If you have issues about KITTI dataset
You should download color_images, velodyne_laser and calib datasets, put them into a comman folder /PATH/TO/MyData
and them unzip them all (note that calib dataset should be unzipped last and replace calib.txt generated before)
calib.txt example:
P0: 7.188560000000e+02 0.000000000000e+00 6.071928000000e+02 0.000000000000e+00 0.000000000000e+00 7.188560000000e+02 1.852157000000e+02 0.000000000000e+00 0.000000000000e+00 0.000000000000e+00 1.000000000000e+00 0.000000000000e+00
P1: 7.188560000000e+02 0.000000000000e+00 6.071928000000e+02 -3.861448000000e+02 0.000000000000e+00 7.188560000000e+02 1.852157000000e+02 0.000000000000e+00 0.000000000000e+00 0.000000000000e+00 1.000000000000e+00 0.000000000000e+00
P2: 7.188560000000e+02 0.000000000000e+00 6.071928000000e+02 4.538225000000e+01 0.000000000000e+00 7.188560000000e+02 1.852157000000e+02 -1.130887000000e-01 0.000000000000e+00 0.000000000000e+00 1.000000000000e+00 3.779761000000e-03
P3: 7.188560000000e+02 0.000000000000e+00 6.071928000000e+02 -3.372877000000e+02 0.000000000000e+00 7.188560000000e+02 1.852157000000e+02 2.369057000000e+00 0.000000000000e+00 0.000000000000e+00 1.000000000000e+00 4.915215000000e-03
Tr: 4.276802385584e-04 -9.999672484946e-01 -8.084491683471e-03 -1.198459927713e-02 -7.210626507497e-03 8.081198471645e-03 -9.999413164504e-01 -5.403984729748e-02 9.999738645903e-01 4.859485810390e-04 -7.206933692422e-03 -2.921968648686e-01
Then create a soft link to our repo:
cd /PATH/TO/CalibNet_pytorch
ln -s /PATH/TO/MyData/dataset data
The following command is fit with a 12GB GPU.

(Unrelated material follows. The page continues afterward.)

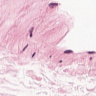
Metastatic tissue present: no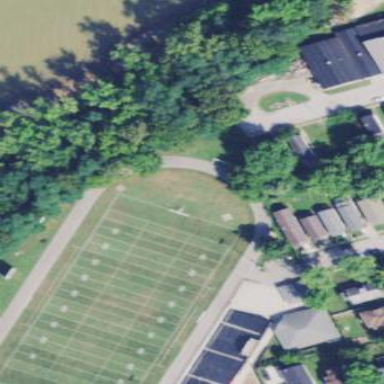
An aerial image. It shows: American football pitch.

python train.py --batch_size=8 --epoch=100 --inner_iter=1 --pcd_sample=4096 --name=cam2_oneiter --skip_frame=10
python test.py --inner_iter=1 --pretrained=./checkpoint/cam2_oneiter_best.pth --skip_frame=1 --pcd_sample=-1
Download pretrained cam2_oneiter_best.pth
from here and put it into root/checkpoint/
.
pcd_sample=-1
means totally sample (but disorder) the raw point cloud. However, you need to keep batch_size=1
to avoid batch collect_fn error.
Relevant training logs can be found in log dir.

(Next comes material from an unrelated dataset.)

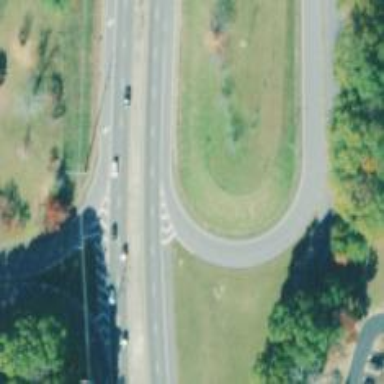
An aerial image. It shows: Primary link highway with asphalt surface.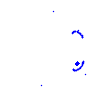
Particle: proton

Rotation (deg) X:3.0023,Y:2.9971,Z:3.0498
Translation (m): X:0.0700,Y:0.0673,Z:0.0862
see config.yml
for dataset setting.
dataset:
train: [0,1,2,3,4,5,6,7]
val: [8,9,10]
test: [11,12,13]
cam_id: 2 # (2 or 3)
pooling: 3 # max pooling of semi-dense image, must be odd
-
KITTI Odometry has 22 sequences, and you need to split them into three categories for training, validation and testing in
config.yml
. -
cam_id=2
represents left color image dataset andcam_id=3
represents the right. -
set
pooling
paramter (only support odd numbers) to change max pooling of preprocessing for depth map.